What’s more is that Hannah has put Luke in his place more than once. She told him point-blank that their one-on-one was the worst date she’d ever experienced and that she did not feel their relationship was on-track. It is easy for viewers to not agree with Hannah’s decision to keep Luke around, but I can sympathize with her situation. She likes the guy physically and he says a lot of great things to swoon her — how many of us have been in that kind of situation? I definitely have, and it is easy to see the manipulation — in retrospect.

Even further to the point, Hannah has been upfront with the other men concerning Luke. She’s asked them to allow her to figure out her feelings on her own and to stay in their own lanes. I personally love that Hannah is willing to set things straight out in the open, and to remind her guys that she is the focus of the show, not Luke. Hannah addresses issue head-on. I appreciate her for that and believe production airing this footage is empowering for women to watch.

In the past, the Bachelorette has been a guilty pleasure of mine that allowed for mindless viewing. Hannah’s season, though, I feel like there could be real benefit for females to watch. Does Hannah have meltdowns? Yes. Does Hannah and the men sometimes make questionable decisions? Yes.

BUT!

Who wouldn’t have occasional meltdowns under the immense pressure of being the Bachelorette? Who doesn’t make mistakes and odd life-choices from time-to-time? Who doesn’t question their feelings and doubt themselves sometimes? All of us would and all of us do. Personally, this season is the best form of reality television to me, because  it is real. It is authentic. And it could possibly make a lasting impact on the franchise’s future…

To me, Hannah’s real and raw approach is something that should be celebrated. I want her emotional, honest self to be impacting to other women. There is no need for us to hide our feelings, ladies. We as women are deeply emotional beings. We want good out of our lives. We want to feel good. We want to love good. We want to experience everything 110%.

And there is nothing wrong with those wants. 

Just as there is nothing wrong with embracing your sexuality, having an emotional breakdown, calling out a man’s double standard, or struggling to figure out Life.

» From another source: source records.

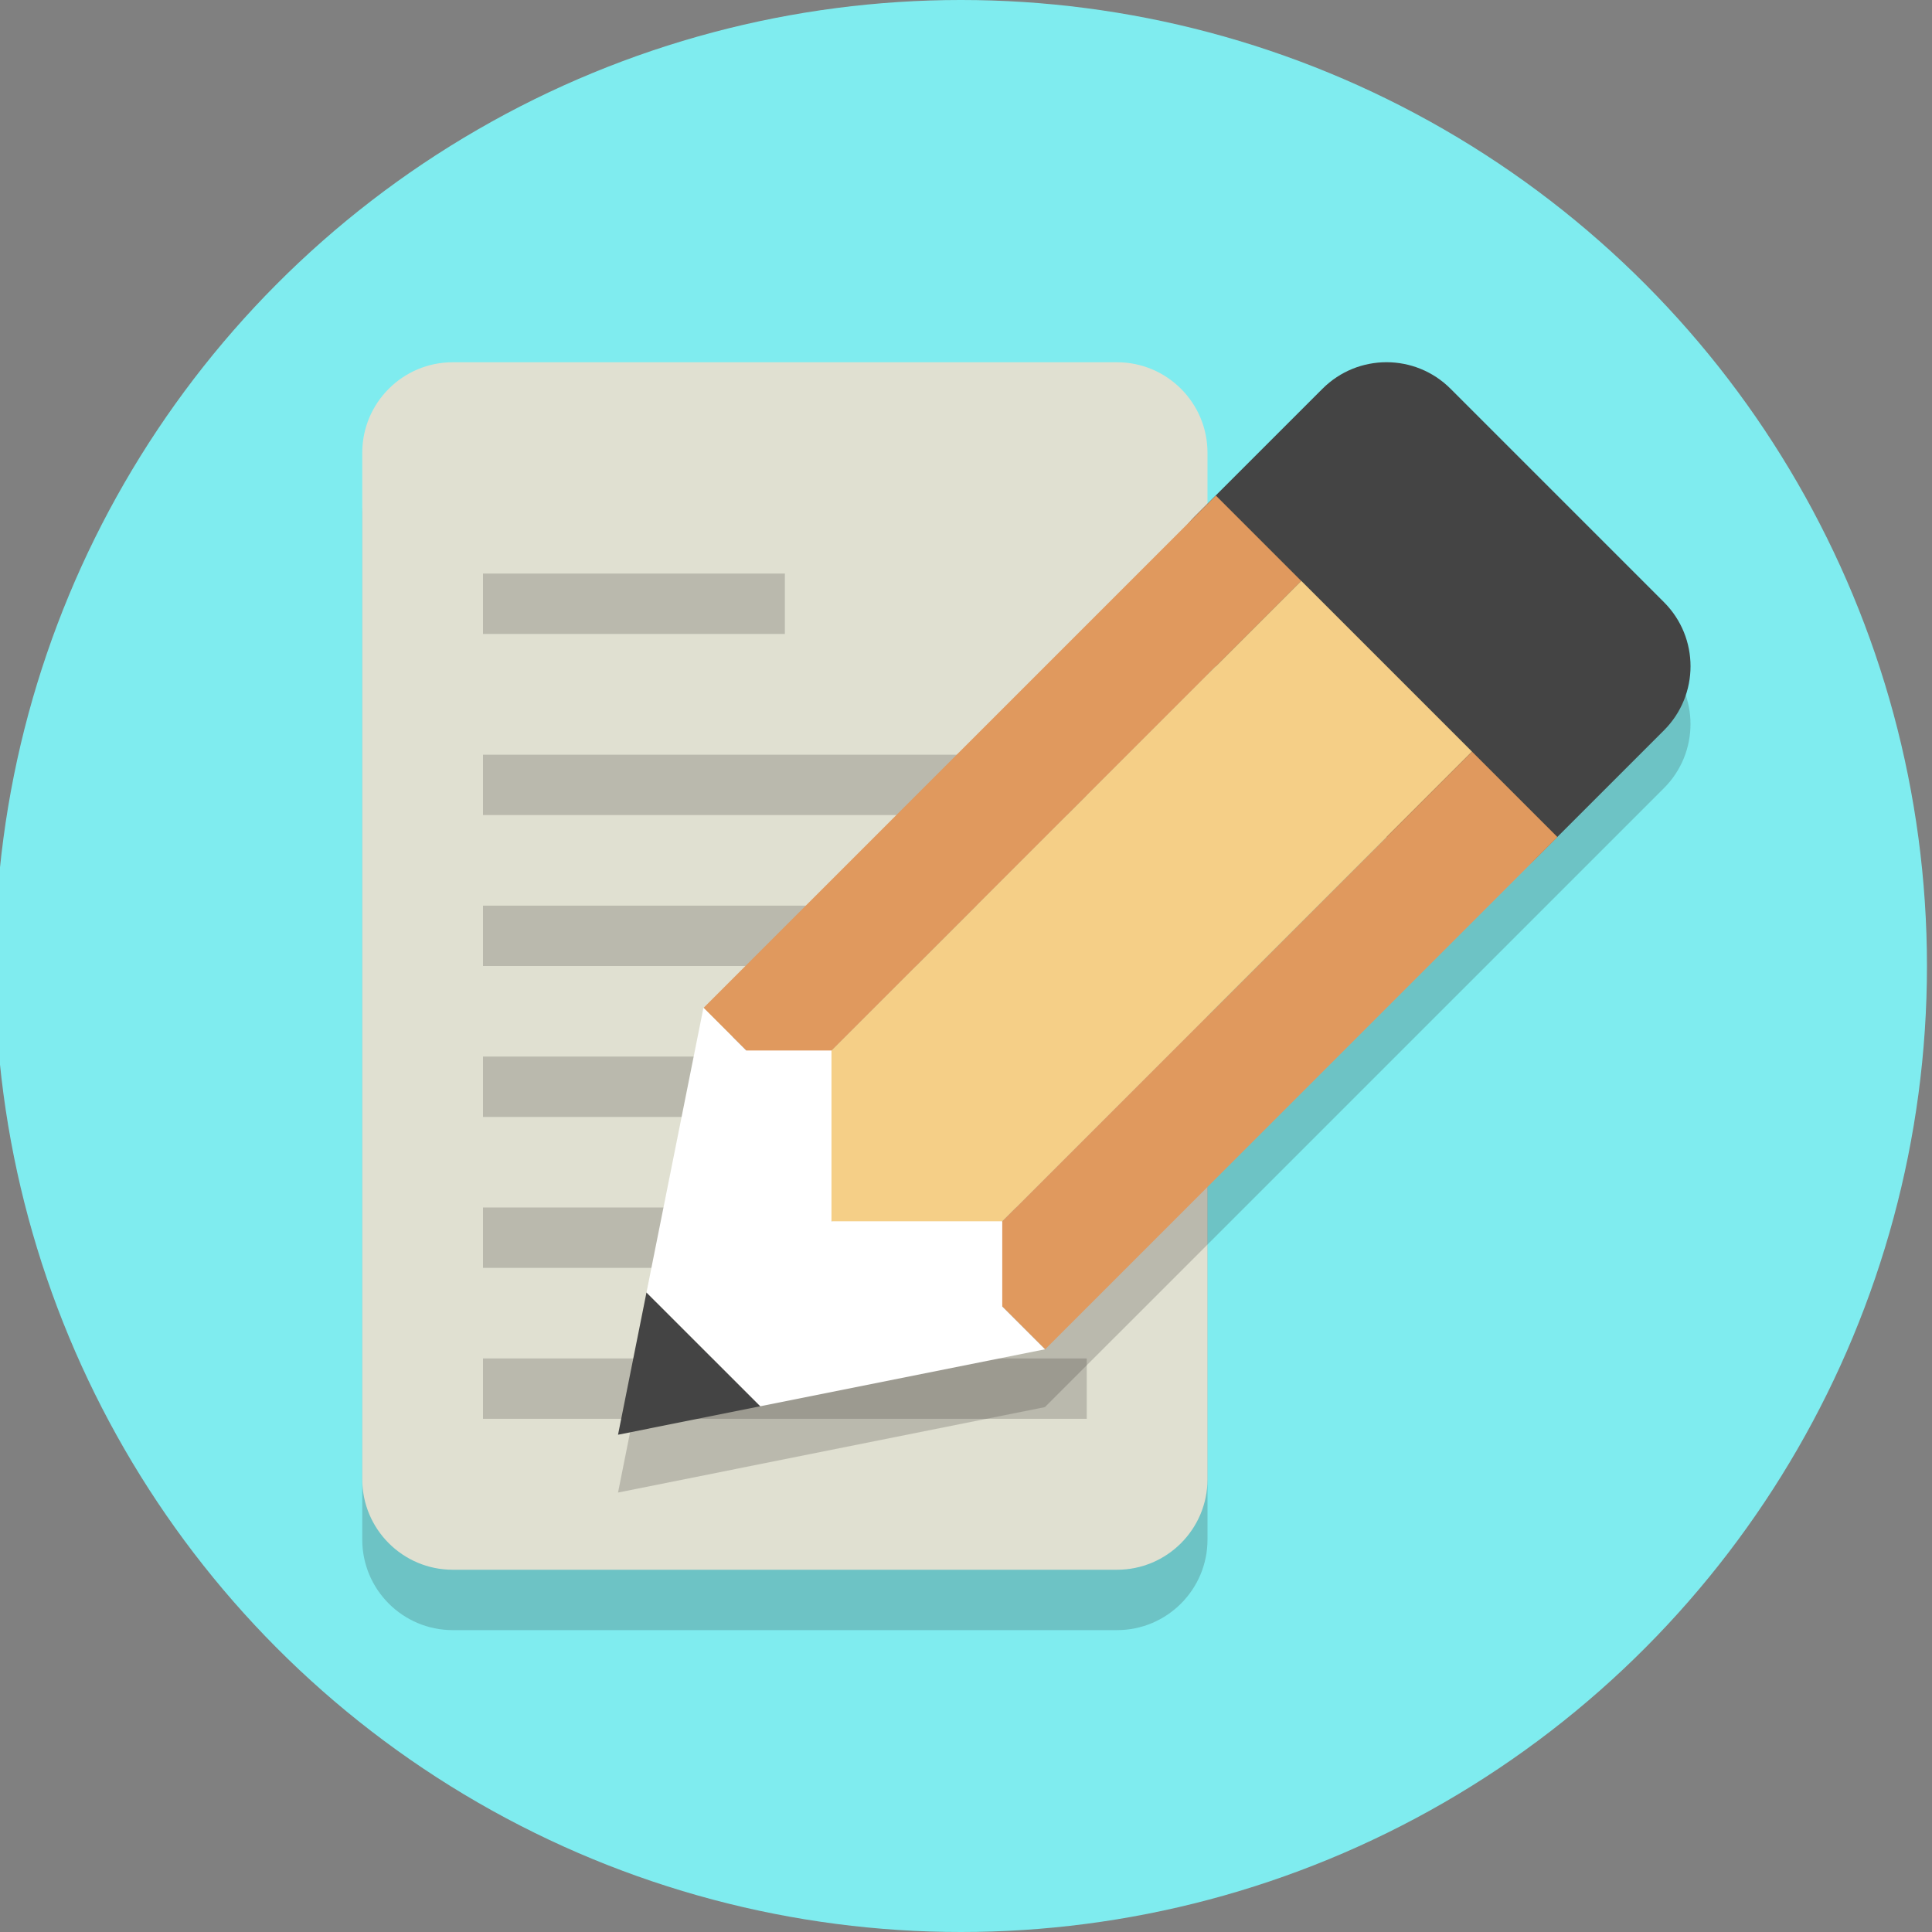 <?xml version="1.0" encoding="utf-8"?>
<!-- Generator: Adobe Illustrator 15.0.0, SVG Export Plug-In . SVG Version: 6.00 Build 0)  -->
<!DOCTYPE svg PUBLIC "-//W3C//DTD SVG 1.1//EN" "http://www.w3.org/Graphics/SVG/1.1/DTD/svg11.dtd">
<svg version="1.1" id="Capa_1" xmlns="http://www.w3.org/2000/svg" xmlns:xlink="http://www.w3.org/1999/xlink" x="0px" y="0px"
	 width="64px" height="64px" viewBox="0 0 64 64" enable-background="new 0 0 64 64" xml:space="preserve">
<rect x="0" y="0" width="64" height="64" fill="#808080" stroke="none"/>
<g id="Layer_1">
	<g>
		<circle fill="#7FECEF" cx="31.833" cy="32" r="32"/>
	</g>
	<g>
		<g>
			<g opacity="0.2">
				<path fill="#231F20" d="M28,23v-9H15c-1.657,0-3,1.343-3,3v34c0,1.656,1.343,3,3,3h22c1.657,0,3-1.344,3-3V26h-9
					C29.343,26,28,24.657,28,23z"/>
			</g>
			<g>
				<path fill="#E0E0D1" d="M37,12h-9H15c-1.657,0-3,1.343-3,3v25v9c0,1.656,1.343,3,3,3h9h13c1.657,0,3-1.344,3-3V24v-9
					C40,13.343,38.657,12,37,12z"/>
			</g>
		</g>
		<g opacity="0.2">
			<rect x="16" y="19" fill="#231F20" width="10" height="2"/>
		</g>
		<g opacity="0.2">
			<rect x="16" y="35" fill="#231F20" width="20" height="2"/>
		</g>
		<g opacity="0.2">
			<rect x="16" y="30" fill="#231F20" width="20" height="2"/>
		</g>
		<g opacity="0.2">
			<rect x="16" y="25" fill="#231F20" width="20" height="2"/>
		</g>
		<g opacity="0.2">
			<rect x="16" y="40" fill="#231F20" width="20" height="2"/>
		</g>
		<g opacity="0.2">
			<rect x="16" y="45" fill="#231F20" width="20" height="2"/>
		</g>
	</g>
	<g opacity="0.2">
		<path fill="#231F20" d="M55.121,21.864l-7.071-7.071c-1.172-1.172-3.071-1.172-4.243,0l-3.535,3.536l-0.707,0.707L23.302,35.299
			l-1.886,9.428l-0.943,4.715l4.714-0.943l9.428-1.887l16.263-16.262l0.707-0.707l3.536-3.536
			C56.293,24.935,56.293,23.036,55.121,21.864z"/>
	</g>
	<g>
		<path fill="#444444" d="M50.879,28.435c-1.172,1.172-3.07,1.172-4.242,0l-7.072-7.071c-1.172-1.172-1.172-3.071,0-4.243
			l4.244-4.243c1.172-1.172,3.07-1.172,4.242,0l7.071,7.071c1.172,1.172,1.172,3.071,0,4.243L50.879,28.435z"/>
	</g>
	<g>
		
			<rect x="21.201" y="24.314" transform="matrix(-0.707 0.707 -0.707 -0.707 75.284 21.445)" fill="#E0995E" width="24" height="4"/>
	</g>
	<g>
		
			<rect x="23.736" y="27.263" transform="matrix(-0.707 0.707 -0.707 -0.707 84.819 27.392)" fill="#F5CF87" width="26" height="8"/>
	</g>
	<g>
		
			<rect x="29.686" y="32.799" transform="matrix(-0.707 0.707 -0.707 -0.707 95.768 29.929)" fill="#E0995E" width="23.999" height="4"/>
	</g>
	<g>
		<g>
			<polygon fill="#444444" points="20.473,47.527 25.187,46.584 21.416,42.813 			"/>
		</g>
		<g>
			<polygon fill="#FFFFFF" points="23.302,33.385 21.416,42.813 25.187,46.584 34.615,44.697 33.201,43.284 33.201,40.456 
				27.544,40.456 27.544,34.799 24.716,34.799 			"/>
		</g>
	</g>
</g>
<g id="Layer_2">
</g>
</svg>

I want to see more publications praising Hannah for her emotional intelligence. I want to hear more podcasts talking about what Hannah is saying right. I want to read more about how other woman could change relationship standards by speaking up, speaking out, and asserting themselves. Less about Hannah’s infatuation of Luke, less of other contestants’ exes, less criticism on Hannah’s mistakes. I want MORE focus on how an emotionally raw human has become The Queen of this highly-watched franchise.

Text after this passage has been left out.